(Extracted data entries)
----------

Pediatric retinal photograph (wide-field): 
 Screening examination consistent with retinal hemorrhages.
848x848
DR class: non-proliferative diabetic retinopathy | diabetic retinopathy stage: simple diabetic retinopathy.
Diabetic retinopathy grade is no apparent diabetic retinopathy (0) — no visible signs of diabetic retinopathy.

----------

What is needed is every line from the data above that includes the string "diabetic", copied out.

§ **Exercise response**:
DR class: non-proliferative diabetic retinopathy | diabetic retinopathy stage: simple diabetic retinopathy.
Diabetic retinopathy grade is no apparent diabetic retinopathy (0) — no visible signs of diabetic retinopathy.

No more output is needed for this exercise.